SISTEMA FELL: 35%
Shares in Vladimir Yevtushenkov's Sistema Group fell more than 35 per cent this week, amid growing concern that Russian investigators will try to reclaim Rbs140bn ($2.7bn) in dividends that the group has received from its oil company Bashneft .
In October, a Moscow court gave the Russian state permission to seize Bashneft from Sistema, on the grounds that Bashneft's 2003 privatisation was illegal. At the time of the ruling, the Moscow judge hearing the case did not suggest the state would also try to seize Bashneft's dividends. But, this week, the newswire Interfax quoted a source in Russian law enforcement who said prosecutors could choose to pursue Sistema for the money.
On Friday afternoon, Sistema's London-listed global depositary receipts closed the week down 29 per cent, at $3.52. They have lost more than 80 per cent of their value since Mr Yevtushenkov, Sistema's chairman and largest shareholder, was placed under house arrest on September 16.
Sistema made no comment on the report.
However, members of the Moscow's business community have expressed shock over the case brought against Sistema and its billionaire owner – and suggested that it has dealt a further blow to investor sentiment, at a time when Russia is also coping with economic sanctions, a plummeting rouble and a falling oil price.

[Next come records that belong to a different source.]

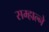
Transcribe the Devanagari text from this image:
सम्हाल्ने
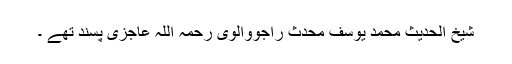
شیخ الحدیث محمد یوسف محدث راجووالوی رحمہ اللہ عاجزی پسند تھے ۔
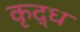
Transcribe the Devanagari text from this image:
कृद्ध
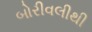
બોરીવલીથી
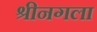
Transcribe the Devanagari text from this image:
श्रीनगला
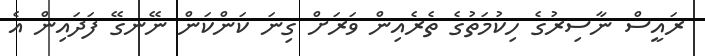
ރައީސް ނާސިރުގެ ހިކުމަތުގެ ތެރެއިން ވަރަށް ގިނަ ކަންކަން ނޭނގޭ ފަދައިން އެ
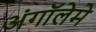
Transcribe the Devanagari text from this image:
अंगॉलेमे
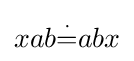
xab{\overset {\cdot }{=}}abx
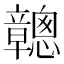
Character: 𥫑
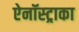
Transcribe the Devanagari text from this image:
ऐनॉस्ट्राका
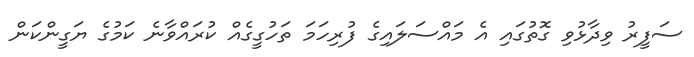
ސަފީރު ވިދާޅުވި ގޮތުގައި އެ މައްސަލައިގެ ފުރިހަމަ ތަހުގީގެއް ކުރައްވާނެ ކަމުގެ ޔަގީންކަން
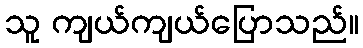
သူ ကျယ်ကျယ်ပြောသည်။
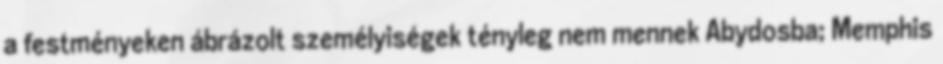
a festményeken ábrázolt személyiségek tényleg nem mennek Abydosba; Memphis
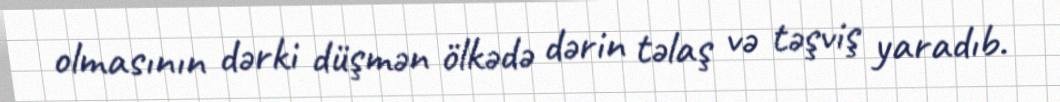
olmasının dərki düşmən ölkədə dərin təlaş və təşviş yaradıb.
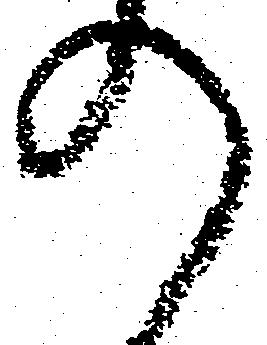
の
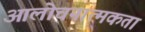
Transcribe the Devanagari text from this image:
आलोचनात्मकता
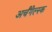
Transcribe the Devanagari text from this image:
अर्चँगेल्स्क
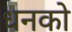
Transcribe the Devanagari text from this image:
धनको
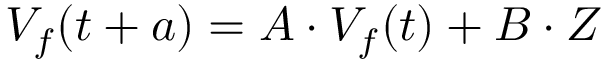
V _ { f } ( t + a ) = A \cdot V _ { f } ( t ) + B \cdot Z
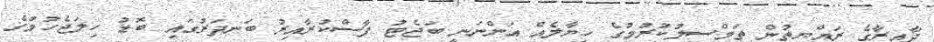
ދާއިރާގެ ރައްޔިތުން ތަމްސީލުކުރުމުގެ ހިޔާލެއް އަންނަނީ ބަޖެޓު ފާސްކުރާއިރު ބަނދަރުގައި ބޮޑު ހިލަޖެހުމުގެ
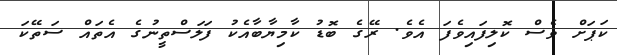
ކަޕަށް ވެސް ކޮލިފައިވެފަ އެވެ. ރޭގެ ބޮޑު ކާމިޔާބާއެކު ފަލަސްތީނުގެ އެތައް ސަތޭކަ
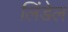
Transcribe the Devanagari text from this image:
लिंडेल
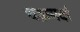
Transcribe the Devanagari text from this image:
चक्रमर्दा
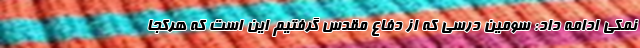
نمکی ادامه داد: سومین درسی که از دفاع مقدس گرفتیم این است که هرکجا
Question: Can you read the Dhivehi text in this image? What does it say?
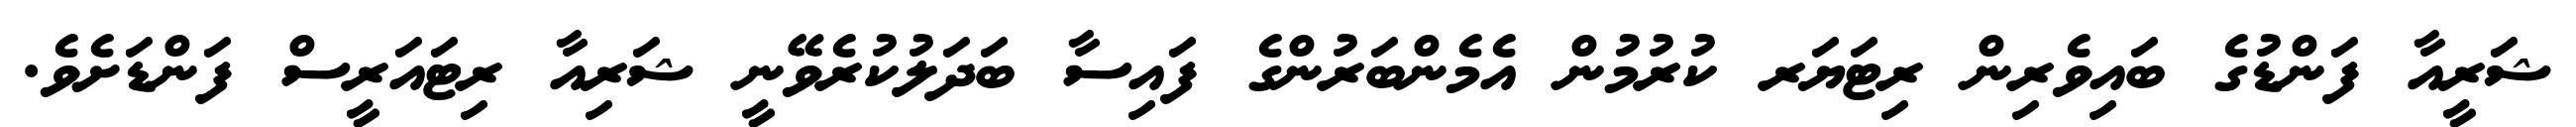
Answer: ޝަރީއާ ފަންޑުގެ ބައިވެރިން ރިޓަޔަރ ކުރުމުން އެމެންބަރުންގެ ފައިސާ ބަދަލުކުރެވޭނީ ޝަރިއާ ރިޓައަރީސް ފަންޑަށެވެ.
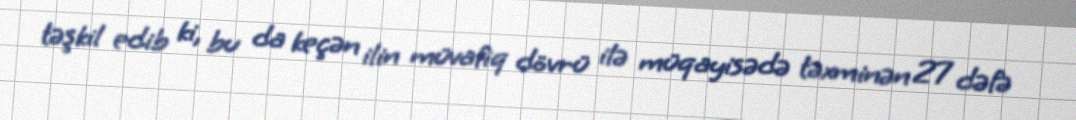
təşkil edib ki, bu da keçən ilin müvafiq dövrü ilə müqayisədə təxminən 27 dəfə
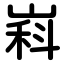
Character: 嵙
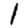
Digit: 1
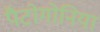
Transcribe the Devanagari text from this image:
पैटोगोनिया
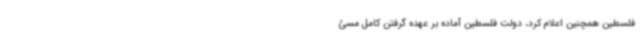
فلسطین همچنین اعلام کرد، دولت فلسطین آماده بر عهده گرفتن کامل مسئ
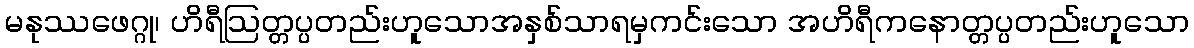
မနုဿဖေဂ္ဂု၊ ဟိရီဩတ္တပ္ပတည်းဟူသောအနှစ်သာရမှကင်းသော အဟိရီကနောတ္တပ္ပတည်းဟူသော
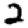
Digit: 2
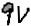
Text: 9V
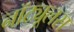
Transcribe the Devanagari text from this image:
नॉट्यूलस
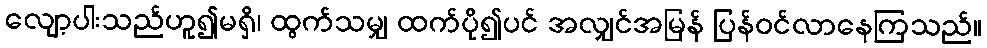
လျော့ပါးသည်ဟူ၍မရှိ၊ ထွက်သမျှ ထက်ပို၍ပင် အလျှင်အမြန် ပြန်ဝင်လာနေကြသည်။
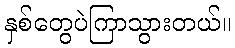
နှစ်တွေပဲကြာသွားတယ်။
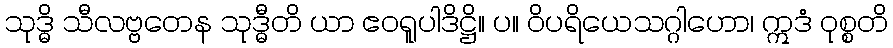
သုဒ္ဓိ သီလဗ္ဗတေန သုဒ္ဓီတိ ယာ ဧဝရူပါဒိဋ္ဌိ။ ပ။ ဝိပရိယေသဂ္ဂါဟော၊ ဣဒံ ဝုစ္စတိ
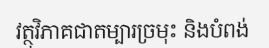
វត្ថុវិភាគជាតម្បារច្រមុះ និងបំពង់
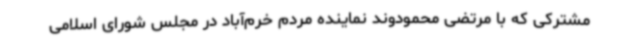
مشترکی که با مرتضی محمودوند نماینده مردم خرم‌آباد در مجلس شورای اسلامی
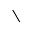
\setminus
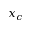
x _ { c }
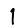
Digit: 1
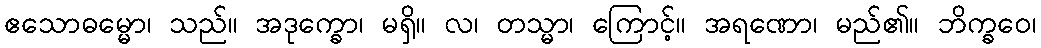
ဧသောဓမ္မော၊ သည်။ အဒုက္ခော၊ မရှိ။ လ၊ တသ္မာ၊ ကြောင့်။ အရဏော၊ မည်၏။ ဘိက္ခဝေ၊
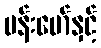
ဗန်းမော်နှင့်
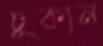
ঢুকান
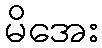
မိအေး
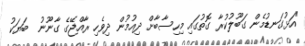
"އަޅުގަނޑުމެން ގަބޫލުކުރާ ގޮތުގައި މިހިސާބާށް ދިއުމުން ދިވެހި ރާއްޖޭގެ ގާނޫނު  ބަޔަކު
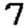
Digit: 7
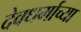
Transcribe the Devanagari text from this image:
देवधर्माच्या
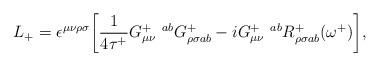
LaTeX: \begin{align*}L_+ = \epsilon^{\mu\nu\rho\sigma} \bigg[ \frac{1}{4\tau^+} G^{+~~ab}_{\mu\nu}G^+_{\rho\sigma ab} -i G^{+~~ab}_{\mu\nu} R^+_{\rho\sigma ab}(\omega^+) \bigg],\end{align*}
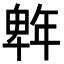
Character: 𭙆
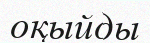
оқыйды
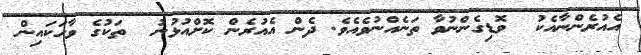
އެއުރެންނާއެކު  ވޮޑިގެންނުވާ ތަނެއްނުވެއެވެ. ދެން އެއުރެން ކޮށްއުޅުނު  ތަކުގެ ވާހަކައިން
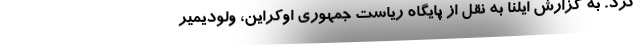
کرد. به گزارش ایلنا به نقل از پایگاه ریاست جمهوری اوکراین، ولودیمیر
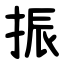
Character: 振
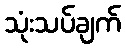
သုံးသပ်ချက်
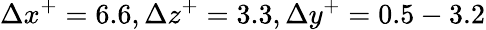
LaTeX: \Delta x^{+}=6.6,\Delta z^{+}=3.3,\Delta y^{+}=0.5-3.2
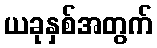
ယခုနှစ်အတွက်
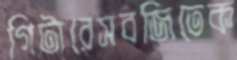
গিটারেসবজিতেক
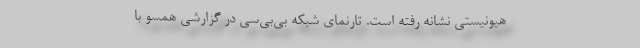
هیونیستی نشانه رفته است. تارنمای شبکه بی‌بی‌سی در گزارشی همسو با
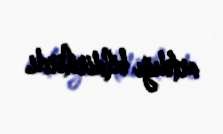
artdığı bildirilirdi.
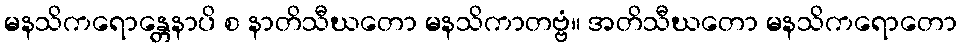
မနသိကရောန္တေနာပိ စ နာတိသီဃတော မနသိကာတဗ္ဗံ။ အတိသီဃတော မနသိကရောတော
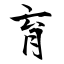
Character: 育
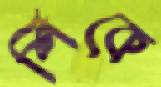
শিকে
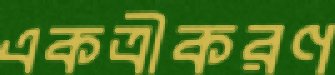
একত্রীকরণ
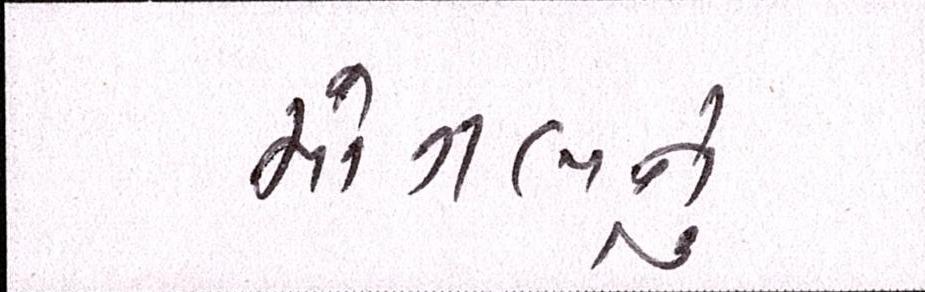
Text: મોગલનું
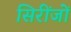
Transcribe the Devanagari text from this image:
सिरींजों
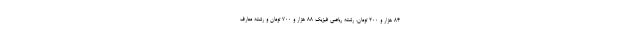
۸۴ هزار و ۲۰۰ تومان، رشته ریاضی فیزیک ۸۸ هزار و ۷۰۰ تومان و رشته معارف

Mr Yevtushenkov has been under house arrest since September 16 as part of a money laundering investigation into Bashneft. Sistema and Mr Yevtushenkov have denied any wrongdoing.
In a separate Bashneft case this week, a Moscow court ruled that the transfer of the Trebs and Titov oilfield in Russia's far north to a joint venture between Bashneft and Lukoil had also been illegal. This decision effectively strips Lukoil of its 25 per cent stake in the field, and returns 100 per cent ownership to Bashneft – in effect, the Russian state.
Trebs and Titov was one of the last major Russian oilfields put up for auction, and industry executives say that other companies, including Rosneft, were frustrated when Bashneft won the license in 2010.
The case against Bashneft and Lukoil was brought by Raila Inozemtseva, a 75-year-old who owns 10 shares in Bashneft.
At peak production, Trebs and Titov was due to produce 100,000 barrels of oil a day, or 5m tonnes a year, making it a relatively insignificant part of Lukoil's overall portfolio. However, analysts warned there was a risk that Lukoil may lose its investments in the project to date, which analysts at VTB Capital estimated at $360m.